Pull each line containing "characters" from the data.

====================

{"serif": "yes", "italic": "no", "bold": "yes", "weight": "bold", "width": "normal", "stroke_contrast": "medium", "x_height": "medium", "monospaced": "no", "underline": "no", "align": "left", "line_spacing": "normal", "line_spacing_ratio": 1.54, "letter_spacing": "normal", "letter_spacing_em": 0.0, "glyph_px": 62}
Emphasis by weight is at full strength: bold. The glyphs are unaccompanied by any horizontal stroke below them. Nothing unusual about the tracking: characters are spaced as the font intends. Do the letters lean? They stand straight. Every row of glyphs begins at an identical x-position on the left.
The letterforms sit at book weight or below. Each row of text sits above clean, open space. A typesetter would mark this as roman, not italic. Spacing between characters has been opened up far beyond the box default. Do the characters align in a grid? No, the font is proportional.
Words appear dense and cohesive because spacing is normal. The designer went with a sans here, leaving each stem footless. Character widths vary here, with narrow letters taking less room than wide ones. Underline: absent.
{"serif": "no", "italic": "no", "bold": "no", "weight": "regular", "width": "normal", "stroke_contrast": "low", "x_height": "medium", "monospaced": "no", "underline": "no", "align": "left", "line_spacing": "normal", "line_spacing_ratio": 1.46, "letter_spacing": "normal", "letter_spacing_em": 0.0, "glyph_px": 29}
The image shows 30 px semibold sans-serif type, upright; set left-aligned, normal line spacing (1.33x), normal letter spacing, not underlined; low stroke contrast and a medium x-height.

====================

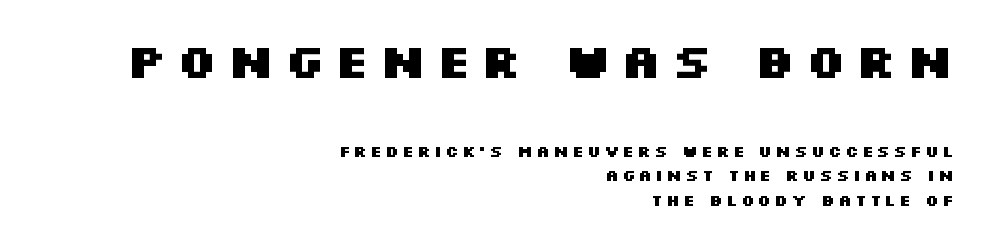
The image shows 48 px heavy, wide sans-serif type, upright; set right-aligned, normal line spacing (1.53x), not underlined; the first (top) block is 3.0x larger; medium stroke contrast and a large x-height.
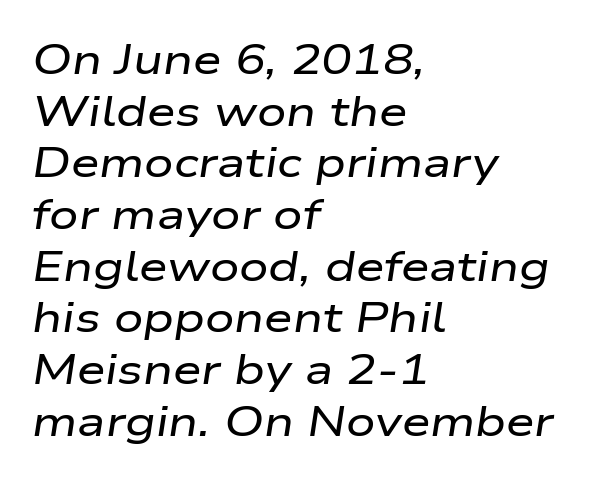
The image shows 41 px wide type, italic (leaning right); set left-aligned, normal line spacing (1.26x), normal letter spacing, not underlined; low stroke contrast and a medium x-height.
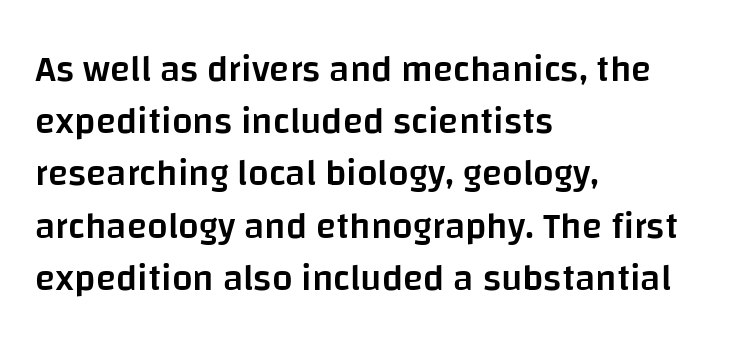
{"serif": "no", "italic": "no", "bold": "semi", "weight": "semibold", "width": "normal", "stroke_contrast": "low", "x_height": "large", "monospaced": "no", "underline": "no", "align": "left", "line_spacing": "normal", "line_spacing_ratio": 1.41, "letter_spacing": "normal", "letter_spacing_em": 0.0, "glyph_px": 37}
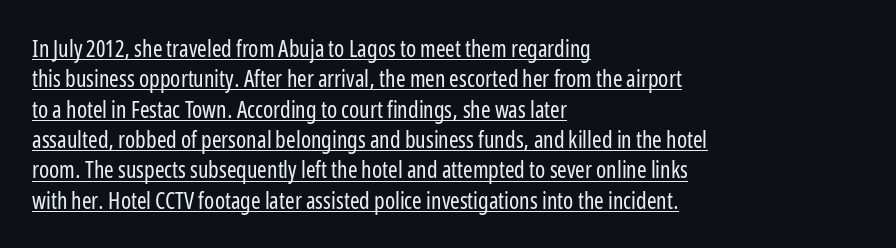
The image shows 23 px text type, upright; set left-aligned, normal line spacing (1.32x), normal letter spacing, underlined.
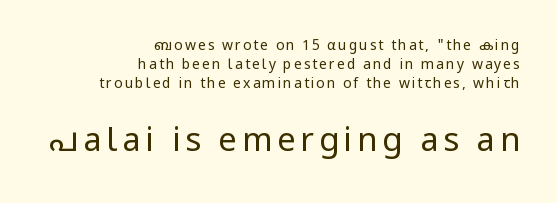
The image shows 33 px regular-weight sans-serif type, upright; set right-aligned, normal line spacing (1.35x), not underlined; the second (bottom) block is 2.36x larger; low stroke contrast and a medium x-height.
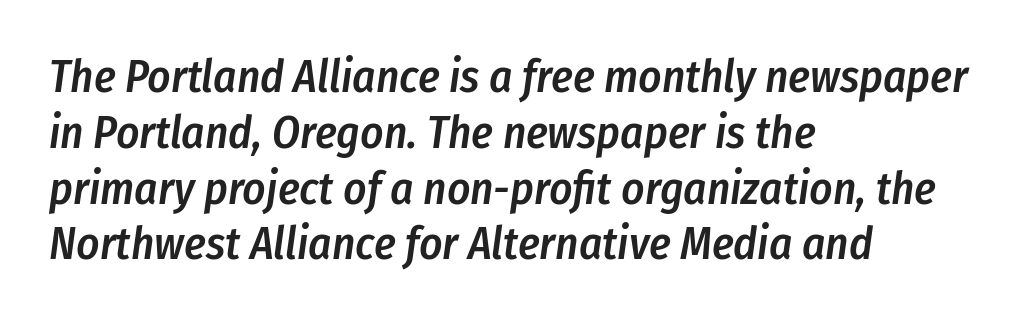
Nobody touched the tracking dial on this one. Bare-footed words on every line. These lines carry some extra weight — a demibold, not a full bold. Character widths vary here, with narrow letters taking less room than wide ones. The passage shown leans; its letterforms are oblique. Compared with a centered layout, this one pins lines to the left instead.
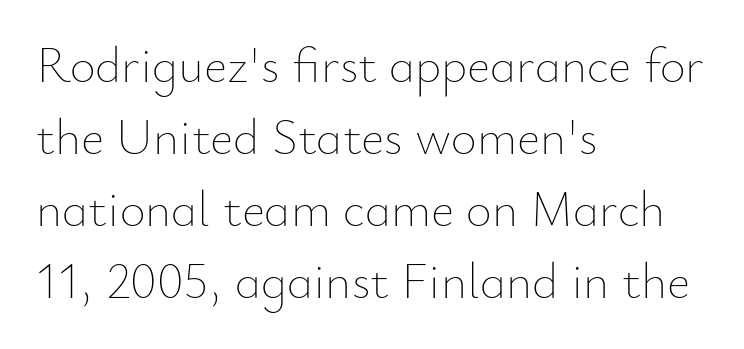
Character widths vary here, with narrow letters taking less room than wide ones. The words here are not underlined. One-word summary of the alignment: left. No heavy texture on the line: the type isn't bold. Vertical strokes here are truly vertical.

====================

Solution for this exercise:
Emphasis by weight is at full strength: bold. The glyphs are unaccompanied by any horizontal stroke below them. Nothing unusual about the tracking: characters are spaced as the font intends. Do the letters lean? They stand straight. Every row of glyphs begins at an identical x-position on the left.
The letterforms sit at book weight or below. Each row of text sits above clean, open space. A typesetter would mark this as roman, not italic. Spacing between characters has been opened up far beyond the box default. Do the characters align in a grid? No, the font is proportional.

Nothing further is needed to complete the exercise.